▶ **TASK INPUTS**:
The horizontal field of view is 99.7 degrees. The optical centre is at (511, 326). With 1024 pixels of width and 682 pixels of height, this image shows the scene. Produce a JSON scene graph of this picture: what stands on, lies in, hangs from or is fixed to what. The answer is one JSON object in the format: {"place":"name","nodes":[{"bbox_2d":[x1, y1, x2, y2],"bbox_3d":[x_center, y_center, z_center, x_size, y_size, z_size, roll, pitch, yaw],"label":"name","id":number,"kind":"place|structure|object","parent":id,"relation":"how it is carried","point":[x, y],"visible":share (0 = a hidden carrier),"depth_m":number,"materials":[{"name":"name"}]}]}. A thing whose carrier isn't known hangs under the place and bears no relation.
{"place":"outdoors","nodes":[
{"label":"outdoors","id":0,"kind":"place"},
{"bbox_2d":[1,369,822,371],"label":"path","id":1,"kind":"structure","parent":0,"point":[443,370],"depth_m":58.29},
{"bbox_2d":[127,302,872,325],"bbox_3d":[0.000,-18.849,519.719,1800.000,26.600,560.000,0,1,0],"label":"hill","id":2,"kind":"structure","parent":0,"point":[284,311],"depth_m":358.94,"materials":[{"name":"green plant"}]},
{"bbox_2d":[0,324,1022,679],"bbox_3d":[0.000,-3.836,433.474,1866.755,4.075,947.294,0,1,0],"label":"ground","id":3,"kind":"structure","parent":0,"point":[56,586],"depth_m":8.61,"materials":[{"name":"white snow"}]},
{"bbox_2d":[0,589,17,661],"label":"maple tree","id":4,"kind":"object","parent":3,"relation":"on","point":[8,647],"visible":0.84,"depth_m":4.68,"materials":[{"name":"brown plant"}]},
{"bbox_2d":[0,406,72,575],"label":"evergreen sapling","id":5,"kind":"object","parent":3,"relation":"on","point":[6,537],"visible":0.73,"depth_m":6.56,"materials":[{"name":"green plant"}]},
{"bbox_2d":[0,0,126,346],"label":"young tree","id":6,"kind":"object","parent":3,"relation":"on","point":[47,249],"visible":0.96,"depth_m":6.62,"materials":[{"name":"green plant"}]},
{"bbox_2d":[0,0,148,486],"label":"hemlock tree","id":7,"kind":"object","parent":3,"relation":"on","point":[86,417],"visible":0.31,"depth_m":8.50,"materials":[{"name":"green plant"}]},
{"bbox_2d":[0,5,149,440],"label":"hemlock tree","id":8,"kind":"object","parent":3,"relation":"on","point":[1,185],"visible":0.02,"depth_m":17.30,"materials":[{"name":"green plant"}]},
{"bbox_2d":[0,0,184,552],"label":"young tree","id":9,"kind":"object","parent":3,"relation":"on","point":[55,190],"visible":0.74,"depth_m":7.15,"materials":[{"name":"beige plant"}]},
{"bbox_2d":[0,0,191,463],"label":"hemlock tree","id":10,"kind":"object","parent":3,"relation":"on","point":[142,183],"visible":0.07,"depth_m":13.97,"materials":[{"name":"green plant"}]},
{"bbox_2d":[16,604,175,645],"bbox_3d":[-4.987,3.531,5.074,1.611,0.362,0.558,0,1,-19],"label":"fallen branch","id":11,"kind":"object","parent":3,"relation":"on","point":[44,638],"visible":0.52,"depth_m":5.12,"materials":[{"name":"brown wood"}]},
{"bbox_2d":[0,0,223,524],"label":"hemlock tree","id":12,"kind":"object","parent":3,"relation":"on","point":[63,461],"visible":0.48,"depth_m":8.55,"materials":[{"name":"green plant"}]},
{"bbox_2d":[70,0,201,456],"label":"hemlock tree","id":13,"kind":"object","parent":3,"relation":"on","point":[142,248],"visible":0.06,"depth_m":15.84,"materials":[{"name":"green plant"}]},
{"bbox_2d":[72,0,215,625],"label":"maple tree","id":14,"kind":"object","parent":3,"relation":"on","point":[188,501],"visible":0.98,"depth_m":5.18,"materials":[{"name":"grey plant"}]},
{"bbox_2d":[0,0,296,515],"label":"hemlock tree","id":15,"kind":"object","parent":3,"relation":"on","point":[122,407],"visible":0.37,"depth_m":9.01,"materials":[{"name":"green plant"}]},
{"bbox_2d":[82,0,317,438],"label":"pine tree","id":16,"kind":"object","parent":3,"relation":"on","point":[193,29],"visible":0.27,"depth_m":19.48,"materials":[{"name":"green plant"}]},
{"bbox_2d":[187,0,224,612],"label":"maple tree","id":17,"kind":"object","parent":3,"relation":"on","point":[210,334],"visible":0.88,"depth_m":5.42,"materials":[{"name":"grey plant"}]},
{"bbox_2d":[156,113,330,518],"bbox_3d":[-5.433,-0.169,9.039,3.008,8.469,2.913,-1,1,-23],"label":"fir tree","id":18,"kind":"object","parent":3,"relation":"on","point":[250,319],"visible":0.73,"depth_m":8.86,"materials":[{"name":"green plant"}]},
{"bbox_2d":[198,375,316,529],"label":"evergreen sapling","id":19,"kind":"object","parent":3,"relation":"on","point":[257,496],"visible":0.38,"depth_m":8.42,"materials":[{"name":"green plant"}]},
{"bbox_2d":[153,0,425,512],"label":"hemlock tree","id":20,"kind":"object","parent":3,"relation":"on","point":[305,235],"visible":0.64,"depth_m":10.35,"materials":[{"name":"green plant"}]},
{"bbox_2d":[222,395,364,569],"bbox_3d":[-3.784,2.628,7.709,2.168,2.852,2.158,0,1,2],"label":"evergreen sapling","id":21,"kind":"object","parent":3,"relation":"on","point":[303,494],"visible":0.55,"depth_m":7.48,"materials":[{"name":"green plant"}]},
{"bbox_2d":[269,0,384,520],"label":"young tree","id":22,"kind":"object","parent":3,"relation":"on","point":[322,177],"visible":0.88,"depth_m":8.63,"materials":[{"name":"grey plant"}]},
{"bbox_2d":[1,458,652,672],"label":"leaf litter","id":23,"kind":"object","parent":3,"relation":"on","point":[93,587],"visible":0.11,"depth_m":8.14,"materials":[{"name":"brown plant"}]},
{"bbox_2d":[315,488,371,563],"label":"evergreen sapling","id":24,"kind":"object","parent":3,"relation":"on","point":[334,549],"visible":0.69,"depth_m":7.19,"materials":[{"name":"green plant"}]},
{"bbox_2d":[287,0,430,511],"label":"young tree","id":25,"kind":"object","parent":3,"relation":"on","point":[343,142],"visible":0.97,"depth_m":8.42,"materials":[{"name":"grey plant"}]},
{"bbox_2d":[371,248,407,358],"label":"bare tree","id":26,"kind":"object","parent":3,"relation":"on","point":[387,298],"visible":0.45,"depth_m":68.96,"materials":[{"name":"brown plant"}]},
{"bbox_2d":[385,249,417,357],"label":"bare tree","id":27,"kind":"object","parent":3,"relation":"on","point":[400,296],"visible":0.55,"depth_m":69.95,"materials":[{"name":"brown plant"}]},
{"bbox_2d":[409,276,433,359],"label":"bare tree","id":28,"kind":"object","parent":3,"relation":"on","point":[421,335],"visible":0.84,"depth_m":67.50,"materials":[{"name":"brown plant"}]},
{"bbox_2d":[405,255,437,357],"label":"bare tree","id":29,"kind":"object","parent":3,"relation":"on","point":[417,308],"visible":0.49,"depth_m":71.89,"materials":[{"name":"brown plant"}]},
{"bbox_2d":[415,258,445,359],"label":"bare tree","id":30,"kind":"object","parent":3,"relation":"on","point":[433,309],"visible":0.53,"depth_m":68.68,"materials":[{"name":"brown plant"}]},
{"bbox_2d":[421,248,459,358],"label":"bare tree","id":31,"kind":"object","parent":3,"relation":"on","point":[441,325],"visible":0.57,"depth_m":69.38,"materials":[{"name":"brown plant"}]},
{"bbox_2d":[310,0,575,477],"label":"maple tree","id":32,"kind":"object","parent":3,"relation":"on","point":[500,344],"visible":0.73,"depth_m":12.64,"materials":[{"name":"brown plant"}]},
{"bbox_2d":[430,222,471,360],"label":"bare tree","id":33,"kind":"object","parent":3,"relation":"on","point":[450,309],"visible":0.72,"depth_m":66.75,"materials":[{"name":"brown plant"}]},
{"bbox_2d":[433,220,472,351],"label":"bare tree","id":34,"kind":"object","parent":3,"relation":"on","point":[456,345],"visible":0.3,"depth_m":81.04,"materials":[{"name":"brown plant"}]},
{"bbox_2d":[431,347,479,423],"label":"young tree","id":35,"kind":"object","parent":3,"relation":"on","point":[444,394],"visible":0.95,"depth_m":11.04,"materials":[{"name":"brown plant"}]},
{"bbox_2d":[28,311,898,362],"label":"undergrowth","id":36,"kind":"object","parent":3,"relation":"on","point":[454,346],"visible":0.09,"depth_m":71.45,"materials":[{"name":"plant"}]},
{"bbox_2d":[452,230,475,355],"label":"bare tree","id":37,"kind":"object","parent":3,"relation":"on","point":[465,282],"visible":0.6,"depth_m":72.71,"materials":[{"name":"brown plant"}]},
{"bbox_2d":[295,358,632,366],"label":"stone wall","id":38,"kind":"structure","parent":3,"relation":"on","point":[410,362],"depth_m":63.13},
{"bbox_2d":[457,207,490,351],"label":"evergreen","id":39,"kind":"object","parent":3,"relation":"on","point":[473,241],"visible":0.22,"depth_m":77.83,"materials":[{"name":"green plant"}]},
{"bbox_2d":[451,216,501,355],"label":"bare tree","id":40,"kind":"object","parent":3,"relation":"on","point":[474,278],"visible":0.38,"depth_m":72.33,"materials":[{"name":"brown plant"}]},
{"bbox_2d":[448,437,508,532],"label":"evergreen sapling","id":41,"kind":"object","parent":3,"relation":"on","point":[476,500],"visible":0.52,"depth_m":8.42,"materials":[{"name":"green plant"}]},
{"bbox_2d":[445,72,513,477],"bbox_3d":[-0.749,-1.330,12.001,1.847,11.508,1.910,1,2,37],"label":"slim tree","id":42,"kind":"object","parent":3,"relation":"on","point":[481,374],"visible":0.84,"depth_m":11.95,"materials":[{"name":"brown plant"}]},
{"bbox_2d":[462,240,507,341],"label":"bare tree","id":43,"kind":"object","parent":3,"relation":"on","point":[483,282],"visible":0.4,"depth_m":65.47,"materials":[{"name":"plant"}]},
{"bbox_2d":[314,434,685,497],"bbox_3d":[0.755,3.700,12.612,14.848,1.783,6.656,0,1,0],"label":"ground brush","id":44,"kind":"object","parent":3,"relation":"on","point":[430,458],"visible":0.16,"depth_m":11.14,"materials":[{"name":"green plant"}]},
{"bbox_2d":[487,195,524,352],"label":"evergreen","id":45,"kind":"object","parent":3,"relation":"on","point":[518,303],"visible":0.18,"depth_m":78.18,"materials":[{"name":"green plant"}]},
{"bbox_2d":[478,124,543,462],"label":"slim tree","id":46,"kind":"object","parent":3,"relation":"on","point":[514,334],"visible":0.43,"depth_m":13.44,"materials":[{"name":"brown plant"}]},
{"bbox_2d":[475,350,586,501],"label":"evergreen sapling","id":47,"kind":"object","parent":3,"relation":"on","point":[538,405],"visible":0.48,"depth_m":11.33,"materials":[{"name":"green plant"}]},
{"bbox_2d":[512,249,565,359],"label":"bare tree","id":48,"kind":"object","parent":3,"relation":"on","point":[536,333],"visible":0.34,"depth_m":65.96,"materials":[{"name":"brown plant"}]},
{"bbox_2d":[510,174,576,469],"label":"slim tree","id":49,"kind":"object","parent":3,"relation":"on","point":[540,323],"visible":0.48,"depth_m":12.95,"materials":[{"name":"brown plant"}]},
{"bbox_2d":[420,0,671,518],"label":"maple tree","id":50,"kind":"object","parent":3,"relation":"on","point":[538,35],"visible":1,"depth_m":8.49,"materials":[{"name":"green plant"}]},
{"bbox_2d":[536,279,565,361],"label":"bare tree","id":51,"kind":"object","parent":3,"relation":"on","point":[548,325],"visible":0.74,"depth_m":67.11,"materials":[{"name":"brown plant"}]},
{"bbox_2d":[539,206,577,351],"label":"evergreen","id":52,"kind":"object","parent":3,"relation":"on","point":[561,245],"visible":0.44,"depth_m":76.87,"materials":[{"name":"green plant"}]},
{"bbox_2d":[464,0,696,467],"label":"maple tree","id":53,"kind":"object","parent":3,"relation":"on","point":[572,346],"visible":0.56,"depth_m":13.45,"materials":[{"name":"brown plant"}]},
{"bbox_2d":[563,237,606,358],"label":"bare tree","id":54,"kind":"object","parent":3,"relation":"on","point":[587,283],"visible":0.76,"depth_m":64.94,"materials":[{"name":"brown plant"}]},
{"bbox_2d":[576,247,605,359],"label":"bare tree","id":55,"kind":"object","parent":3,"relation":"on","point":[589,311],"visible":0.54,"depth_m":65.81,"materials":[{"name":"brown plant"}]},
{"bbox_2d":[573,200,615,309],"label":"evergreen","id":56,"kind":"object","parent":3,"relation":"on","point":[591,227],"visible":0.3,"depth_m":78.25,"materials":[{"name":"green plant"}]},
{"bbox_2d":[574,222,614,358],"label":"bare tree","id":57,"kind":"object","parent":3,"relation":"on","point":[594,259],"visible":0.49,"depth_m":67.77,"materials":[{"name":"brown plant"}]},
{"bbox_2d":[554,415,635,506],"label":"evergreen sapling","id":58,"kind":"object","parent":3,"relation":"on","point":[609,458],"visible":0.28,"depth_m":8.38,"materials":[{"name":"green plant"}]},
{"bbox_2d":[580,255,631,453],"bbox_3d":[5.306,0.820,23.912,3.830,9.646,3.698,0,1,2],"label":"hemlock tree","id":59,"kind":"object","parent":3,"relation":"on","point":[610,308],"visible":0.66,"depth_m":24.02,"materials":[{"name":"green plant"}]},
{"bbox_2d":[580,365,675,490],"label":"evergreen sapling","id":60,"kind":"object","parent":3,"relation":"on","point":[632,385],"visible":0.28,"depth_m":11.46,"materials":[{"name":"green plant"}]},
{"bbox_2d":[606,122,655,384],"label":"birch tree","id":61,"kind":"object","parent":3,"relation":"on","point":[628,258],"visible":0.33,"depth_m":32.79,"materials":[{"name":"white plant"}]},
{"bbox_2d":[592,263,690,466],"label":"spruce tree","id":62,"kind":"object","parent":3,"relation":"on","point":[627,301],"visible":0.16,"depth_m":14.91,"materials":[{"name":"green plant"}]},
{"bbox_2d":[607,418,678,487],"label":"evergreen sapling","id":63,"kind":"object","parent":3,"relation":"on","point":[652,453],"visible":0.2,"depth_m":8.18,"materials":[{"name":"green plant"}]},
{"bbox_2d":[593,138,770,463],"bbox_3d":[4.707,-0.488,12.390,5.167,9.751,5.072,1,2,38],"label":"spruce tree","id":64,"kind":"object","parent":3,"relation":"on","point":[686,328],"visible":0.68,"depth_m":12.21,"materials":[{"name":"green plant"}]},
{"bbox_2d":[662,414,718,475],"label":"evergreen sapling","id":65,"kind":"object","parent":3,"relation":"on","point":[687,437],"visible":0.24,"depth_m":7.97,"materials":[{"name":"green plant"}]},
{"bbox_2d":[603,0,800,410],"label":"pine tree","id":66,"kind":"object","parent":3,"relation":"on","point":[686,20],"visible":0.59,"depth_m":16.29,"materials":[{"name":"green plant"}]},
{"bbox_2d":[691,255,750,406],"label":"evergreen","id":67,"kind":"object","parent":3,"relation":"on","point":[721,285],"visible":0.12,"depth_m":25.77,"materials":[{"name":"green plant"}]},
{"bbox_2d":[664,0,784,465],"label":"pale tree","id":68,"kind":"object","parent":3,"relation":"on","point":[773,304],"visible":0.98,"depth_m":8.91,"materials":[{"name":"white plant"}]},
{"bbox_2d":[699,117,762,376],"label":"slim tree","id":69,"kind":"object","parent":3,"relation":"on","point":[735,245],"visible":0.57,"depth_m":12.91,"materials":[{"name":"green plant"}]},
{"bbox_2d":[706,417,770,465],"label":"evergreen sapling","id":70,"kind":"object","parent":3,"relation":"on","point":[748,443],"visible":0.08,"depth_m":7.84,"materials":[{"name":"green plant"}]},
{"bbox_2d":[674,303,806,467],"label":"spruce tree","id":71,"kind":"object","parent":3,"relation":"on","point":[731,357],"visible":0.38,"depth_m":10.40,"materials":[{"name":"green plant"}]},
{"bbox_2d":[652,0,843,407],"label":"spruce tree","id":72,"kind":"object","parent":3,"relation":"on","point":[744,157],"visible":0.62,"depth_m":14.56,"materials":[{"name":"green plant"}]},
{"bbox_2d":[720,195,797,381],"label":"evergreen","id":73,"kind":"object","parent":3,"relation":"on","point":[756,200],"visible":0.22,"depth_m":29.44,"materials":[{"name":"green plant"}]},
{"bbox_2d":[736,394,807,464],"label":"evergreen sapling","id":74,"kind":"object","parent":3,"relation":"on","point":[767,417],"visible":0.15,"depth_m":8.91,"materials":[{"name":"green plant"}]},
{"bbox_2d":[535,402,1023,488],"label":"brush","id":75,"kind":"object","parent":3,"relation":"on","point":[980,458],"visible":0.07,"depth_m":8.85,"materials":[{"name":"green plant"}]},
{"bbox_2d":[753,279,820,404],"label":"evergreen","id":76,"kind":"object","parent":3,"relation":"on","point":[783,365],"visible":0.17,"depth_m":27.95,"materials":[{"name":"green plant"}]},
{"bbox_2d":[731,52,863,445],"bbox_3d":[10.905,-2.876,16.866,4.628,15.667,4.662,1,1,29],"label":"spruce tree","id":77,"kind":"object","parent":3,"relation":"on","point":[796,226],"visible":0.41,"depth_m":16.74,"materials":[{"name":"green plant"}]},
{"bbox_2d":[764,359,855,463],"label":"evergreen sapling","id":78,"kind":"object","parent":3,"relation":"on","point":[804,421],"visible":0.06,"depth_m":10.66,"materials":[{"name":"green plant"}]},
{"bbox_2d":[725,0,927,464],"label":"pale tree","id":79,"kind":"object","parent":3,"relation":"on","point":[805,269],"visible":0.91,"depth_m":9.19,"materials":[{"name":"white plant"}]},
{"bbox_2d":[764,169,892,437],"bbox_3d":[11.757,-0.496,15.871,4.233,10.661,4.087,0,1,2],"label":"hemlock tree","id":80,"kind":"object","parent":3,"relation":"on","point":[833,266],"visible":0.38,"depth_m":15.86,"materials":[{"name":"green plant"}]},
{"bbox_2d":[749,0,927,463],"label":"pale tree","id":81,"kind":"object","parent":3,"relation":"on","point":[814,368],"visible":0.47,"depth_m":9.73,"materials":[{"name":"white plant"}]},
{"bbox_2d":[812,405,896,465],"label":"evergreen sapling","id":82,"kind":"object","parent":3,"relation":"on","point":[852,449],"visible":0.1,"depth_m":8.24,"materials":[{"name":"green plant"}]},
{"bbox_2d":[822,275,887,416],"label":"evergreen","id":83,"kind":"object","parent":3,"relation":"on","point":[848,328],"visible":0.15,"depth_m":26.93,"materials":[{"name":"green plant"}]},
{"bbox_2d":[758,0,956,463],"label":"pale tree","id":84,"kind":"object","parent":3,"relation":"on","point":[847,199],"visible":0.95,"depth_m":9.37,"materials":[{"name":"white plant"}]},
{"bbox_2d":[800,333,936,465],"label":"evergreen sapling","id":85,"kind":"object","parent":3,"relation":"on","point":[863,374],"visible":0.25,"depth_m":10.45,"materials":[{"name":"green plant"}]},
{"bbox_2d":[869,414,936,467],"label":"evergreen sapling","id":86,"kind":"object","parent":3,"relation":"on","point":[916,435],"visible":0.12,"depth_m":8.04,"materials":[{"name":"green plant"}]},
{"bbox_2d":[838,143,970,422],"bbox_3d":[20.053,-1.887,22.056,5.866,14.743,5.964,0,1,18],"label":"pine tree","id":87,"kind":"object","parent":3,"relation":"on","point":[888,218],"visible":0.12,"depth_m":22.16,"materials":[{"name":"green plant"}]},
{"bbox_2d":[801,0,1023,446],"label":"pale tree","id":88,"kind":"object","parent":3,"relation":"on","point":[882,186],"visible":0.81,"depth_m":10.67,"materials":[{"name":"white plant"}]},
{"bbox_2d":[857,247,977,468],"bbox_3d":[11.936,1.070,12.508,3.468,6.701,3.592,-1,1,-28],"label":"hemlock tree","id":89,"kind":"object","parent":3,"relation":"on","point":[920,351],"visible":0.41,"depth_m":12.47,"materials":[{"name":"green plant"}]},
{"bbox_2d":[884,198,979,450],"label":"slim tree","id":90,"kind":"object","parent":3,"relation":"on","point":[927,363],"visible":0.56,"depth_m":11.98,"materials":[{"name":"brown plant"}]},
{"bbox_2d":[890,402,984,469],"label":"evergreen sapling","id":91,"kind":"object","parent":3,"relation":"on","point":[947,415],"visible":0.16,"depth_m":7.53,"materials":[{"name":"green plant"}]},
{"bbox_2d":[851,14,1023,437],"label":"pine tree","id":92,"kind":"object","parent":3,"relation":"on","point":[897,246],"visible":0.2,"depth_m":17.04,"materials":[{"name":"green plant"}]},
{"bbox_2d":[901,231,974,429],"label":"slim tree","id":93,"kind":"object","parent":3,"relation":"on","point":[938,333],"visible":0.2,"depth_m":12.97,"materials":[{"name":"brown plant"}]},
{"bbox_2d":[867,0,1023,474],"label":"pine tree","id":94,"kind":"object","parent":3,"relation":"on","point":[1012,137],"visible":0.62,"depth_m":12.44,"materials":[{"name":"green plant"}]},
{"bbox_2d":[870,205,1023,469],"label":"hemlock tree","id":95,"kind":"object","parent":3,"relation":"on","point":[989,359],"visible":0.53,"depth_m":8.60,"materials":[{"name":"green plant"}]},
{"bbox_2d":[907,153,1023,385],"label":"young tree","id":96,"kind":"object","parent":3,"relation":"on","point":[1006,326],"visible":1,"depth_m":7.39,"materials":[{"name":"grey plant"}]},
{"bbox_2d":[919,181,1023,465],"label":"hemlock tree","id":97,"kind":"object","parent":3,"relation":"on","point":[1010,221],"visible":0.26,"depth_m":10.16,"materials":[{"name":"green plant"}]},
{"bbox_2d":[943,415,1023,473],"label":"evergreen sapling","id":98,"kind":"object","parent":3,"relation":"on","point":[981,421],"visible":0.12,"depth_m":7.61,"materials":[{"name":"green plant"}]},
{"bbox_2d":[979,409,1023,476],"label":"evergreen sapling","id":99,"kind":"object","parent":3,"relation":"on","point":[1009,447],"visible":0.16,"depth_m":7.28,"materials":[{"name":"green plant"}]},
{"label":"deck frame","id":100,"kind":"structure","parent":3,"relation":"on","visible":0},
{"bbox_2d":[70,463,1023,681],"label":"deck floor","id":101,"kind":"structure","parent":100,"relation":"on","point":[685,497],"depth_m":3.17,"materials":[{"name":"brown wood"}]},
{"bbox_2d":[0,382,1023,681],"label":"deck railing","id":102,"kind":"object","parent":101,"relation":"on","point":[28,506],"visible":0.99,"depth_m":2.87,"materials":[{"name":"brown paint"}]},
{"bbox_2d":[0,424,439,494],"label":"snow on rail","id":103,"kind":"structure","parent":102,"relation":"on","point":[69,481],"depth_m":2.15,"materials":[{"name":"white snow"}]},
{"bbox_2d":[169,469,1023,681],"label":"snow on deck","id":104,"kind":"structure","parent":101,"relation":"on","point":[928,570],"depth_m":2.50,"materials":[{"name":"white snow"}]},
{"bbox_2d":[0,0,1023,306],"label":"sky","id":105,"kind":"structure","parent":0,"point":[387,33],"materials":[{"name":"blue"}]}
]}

▶ **TASK**: Whenever the word "grey" shows up in a line of the entries, copy that line.

▶ **FINISHED TASK**:
{"bbox_2d":[72,0,215,625],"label":"maple tree","id":14,"kind":"object","parent":3,"relation":"on","point":[188,501],"visible":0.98,"depth_m":5.18,"materials":[{"name":"grey plant"}]},
{"bbox_2d":[187,0,224,612],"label":"maple tree","id":17,"kind":"object","parent":3,"relation":"on","point":[210,334],"visible":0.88,"depth_m":5.42,"materials":[{"name":"grey plant"}]},
{"bbox_2d":[269,0,384,520],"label":"young tree","id":22,"kind":"object","parent":3,"relation":"on","point":[322,177],"visible":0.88,"depth_m":8.63,"materials":[{"name":"grey plant"}]},
{"bbox_2d":[287,0,430,511],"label":"young tree","id":25,"kind":"object","parent":3,"relation":"on","point":[343,142],"visible":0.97,"depth_m":8.42,"materials":[{"name":"grey plant"}]},
{"bbox_2d":[907,153,1023,385],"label":"young tree","id":96,"kind":"object","parent":3,"relation":"on","point":[1006,326],"visible":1,"depth_m":7.39,"materials":[{"name":"grey plant"}]},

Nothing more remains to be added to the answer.